For the next quarter-century, the United States stood at Mr. Mobutu's side, economically and militarily aiding him, and providing him with international legitimacy. When conditions under his dictatorship worsened, U.S. ambassadors would arrive Kinshasa, the capital, with mandates for him to clean up his government and allow his people some freedom. He did neither. The United States rationalized his regime with the increasingly self-fulfilling argument that he was the only person capable of holding the country together.
Mr. Mobutu played the good Cold War soldier, allowing his country to be used as a safe haven and weapons conduit for proxy wars fought in Angola and Chad. At the United Nations, Zaire was the one African country that always could be counted on to back U.S. initiatives.
Earlier this decade, he agreed to a transition to democracy, which he since has thwarted. At one point, Zaire had two governments, one led by an elected prime minister, whom Mr. Mobutu locked out of his office, and another nominally headed by one of the dictator's henchmen.
The time has passed to redeem Mr. Mobutu. He has been in Europe since late summer, under treatment for cancer in Switzerland and now resting in the luxury of one of his estates on the French Riviera.

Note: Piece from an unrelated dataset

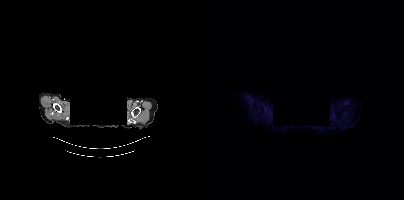
No tumor lesions annotated on this slice.
de-identification: head region blanked (face removed) | modality: PSMA PET/CT | tracer: 18F | view: axial | PET grid: 200×200

The Zairian people are left to survive or rebel. The leaders of the Kivu rebellion have made it clear that their seizure of Goma and a strip of territory along Zaire's border with Rwanda and Burundi are not isolated events, that they are in contact with disaffected Zairians in other regions and want, ultimately, to end Mr. Mobutu's dictatorship.
A thousand miles west of Kivu, protesters in the main streets of Kinshasa are demanding the resignation of his latest hand-picked prime minister.
This rebelliousness is reminiscent of the country's mood at independence. But with the Cold War over and the country no longer a geopolitical asset, Zaire may well be left to flounder and disintegrate, on its own for once.
Helen Winternitz, a former Sun reporter, is the author of "East Along the Equator: A Journey up the Congo and Into Mobutu's Zaire."